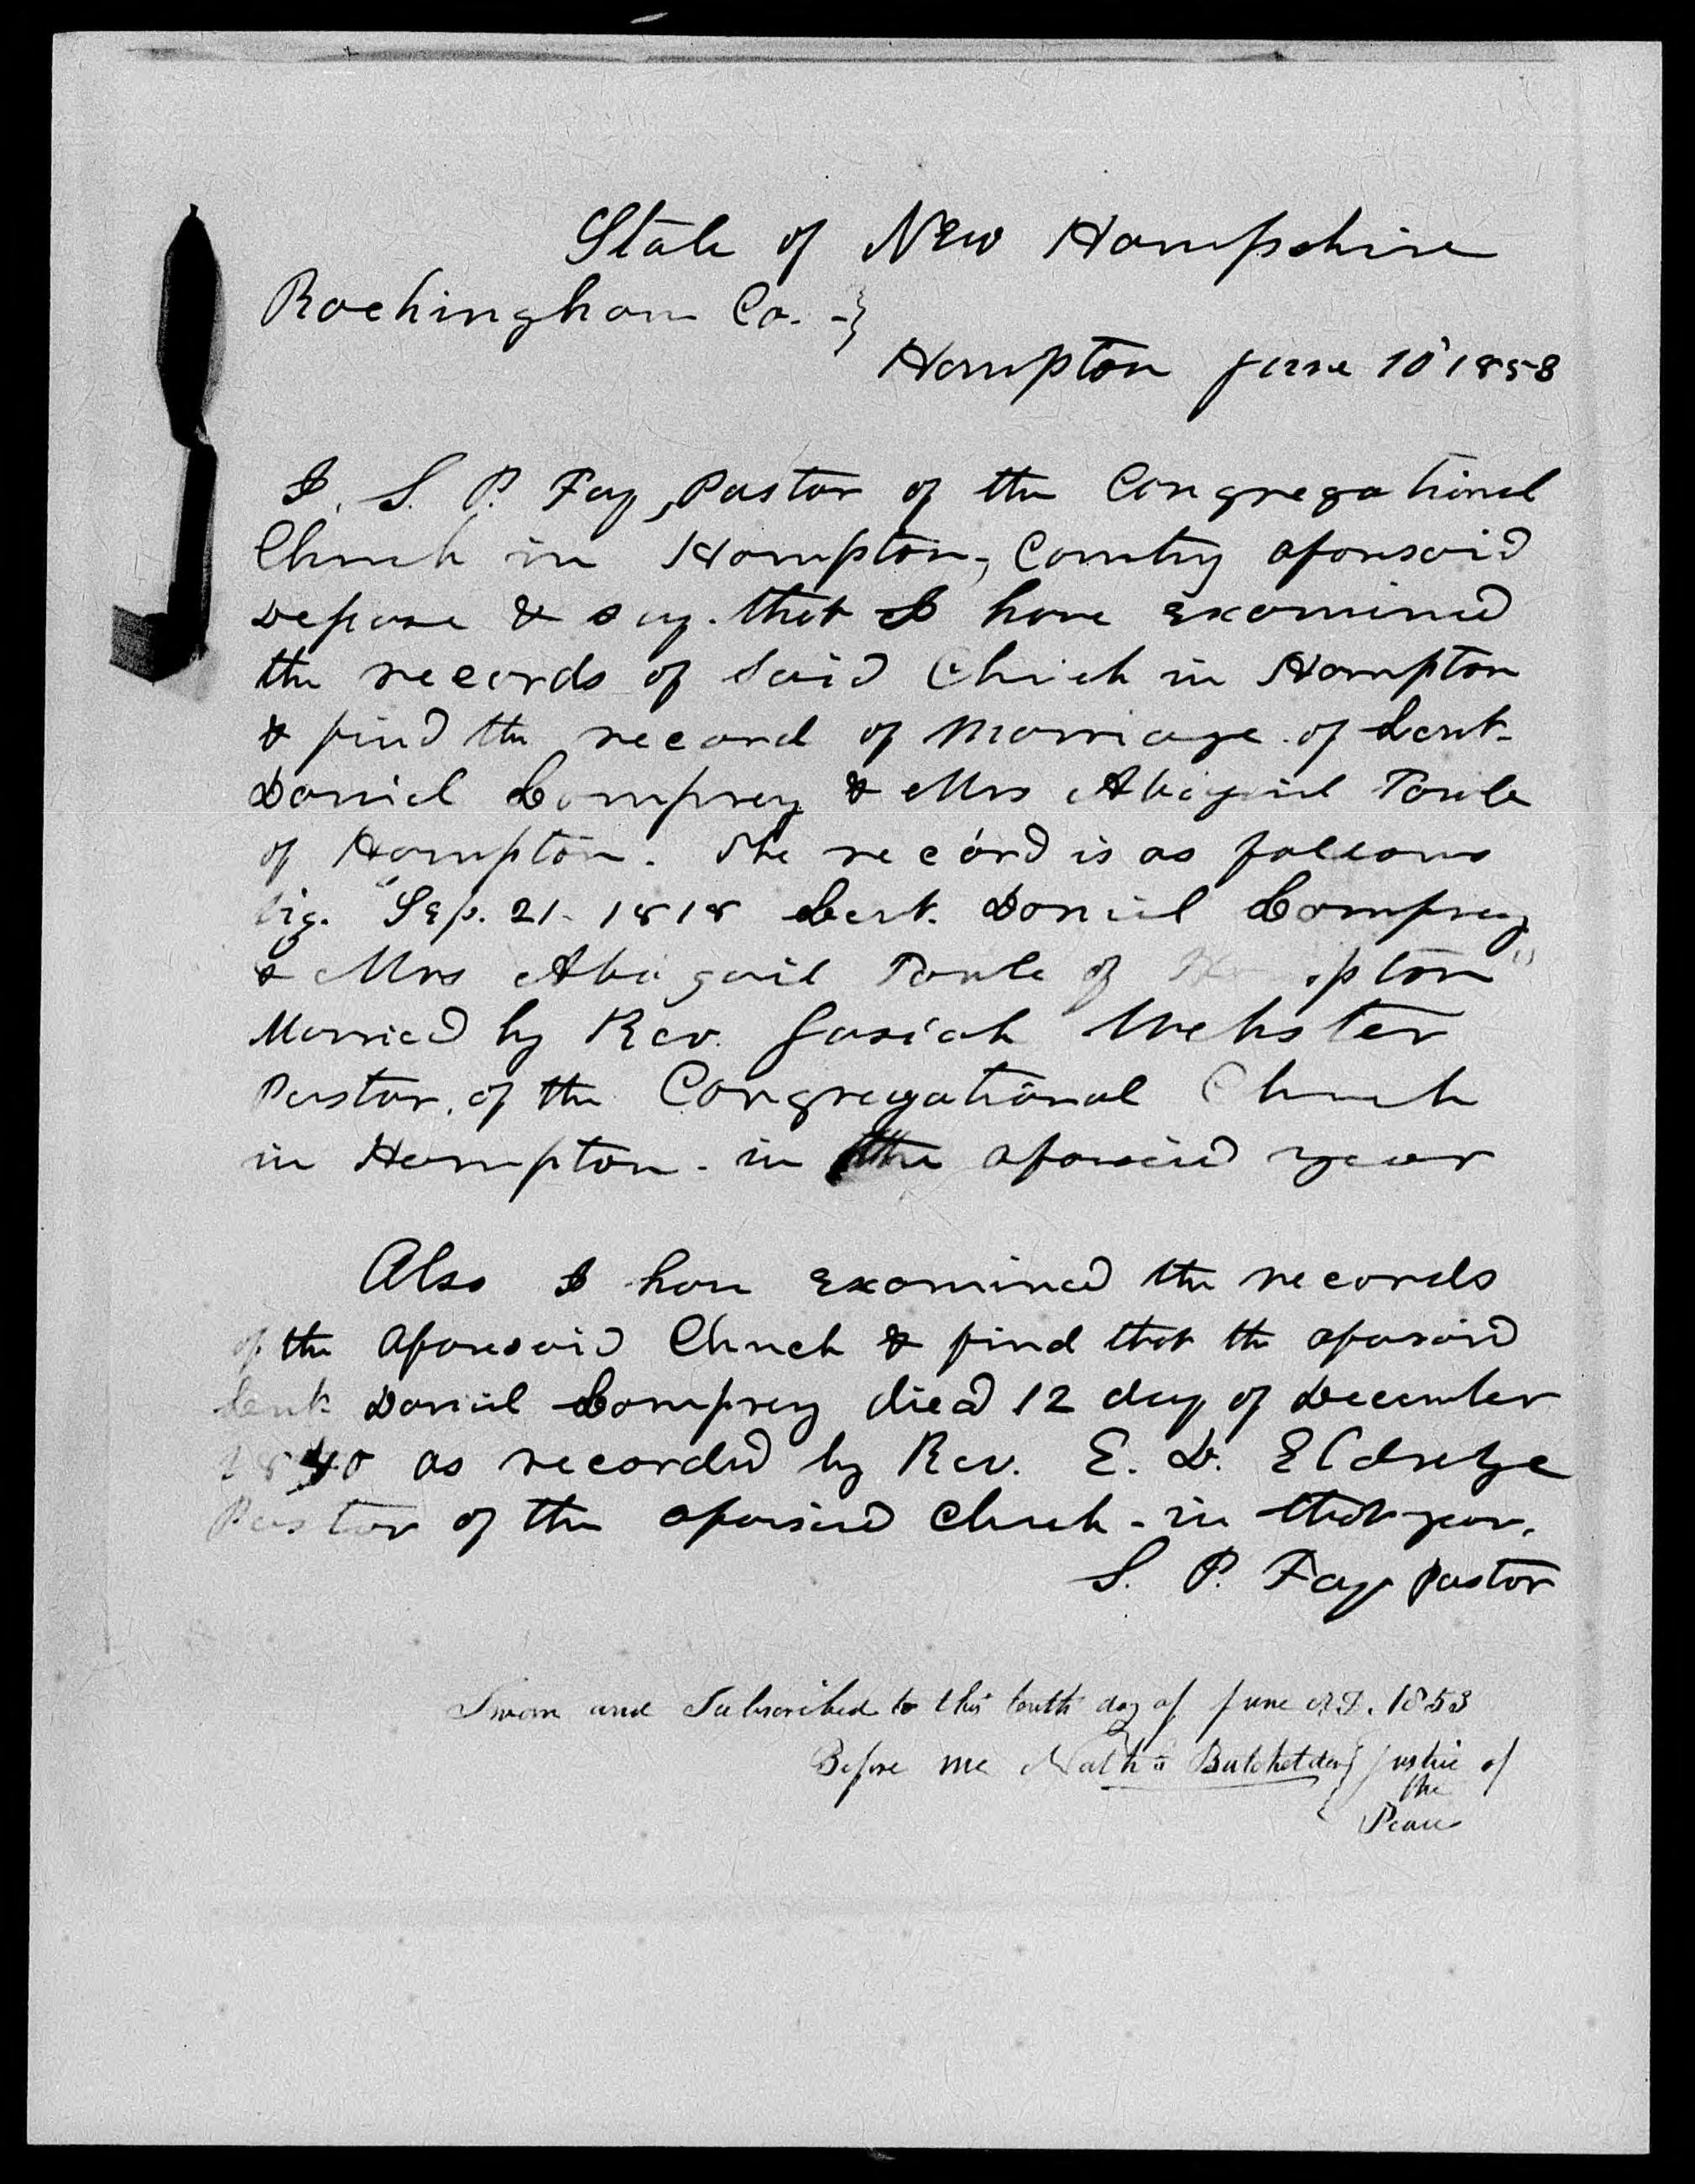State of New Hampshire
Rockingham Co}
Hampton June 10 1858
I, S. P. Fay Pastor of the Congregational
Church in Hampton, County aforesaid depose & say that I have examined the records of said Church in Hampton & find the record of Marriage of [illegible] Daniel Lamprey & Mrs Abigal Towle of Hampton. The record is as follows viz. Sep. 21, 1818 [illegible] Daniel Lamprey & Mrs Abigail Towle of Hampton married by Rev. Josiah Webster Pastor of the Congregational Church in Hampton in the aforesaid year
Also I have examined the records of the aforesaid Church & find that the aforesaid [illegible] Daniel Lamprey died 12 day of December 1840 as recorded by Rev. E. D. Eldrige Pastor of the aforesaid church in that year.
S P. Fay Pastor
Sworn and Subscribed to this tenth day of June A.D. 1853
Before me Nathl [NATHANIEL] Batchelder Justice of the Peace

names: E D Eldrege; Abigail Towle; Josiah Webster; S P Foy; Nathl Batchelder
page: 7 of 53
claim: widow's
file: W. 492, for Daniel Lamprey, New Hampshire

• **Task prompt**
All lines of the entries containing the string "Towle" must be shown in full.

• **Your response**
Church in Hampton, County aforesaid depose & say that I have examined the records of said Church in Hampton & find the record of Marriage of [illegible] Daniel Lamprey & Mrs Abigal Towle of Hampton. The record is as follows viz. Sep. 21, 1818 [illegible] Daniel Lamprey & Mrs Abigail Towle of Hampton married by Rev. Josiah Webster Pastor of the Congregational Church in Hampton in the aforesaid year
names: E D Eldrege; Abigail Towle; Josiah Webster; S P Foy; Nathl Batchelder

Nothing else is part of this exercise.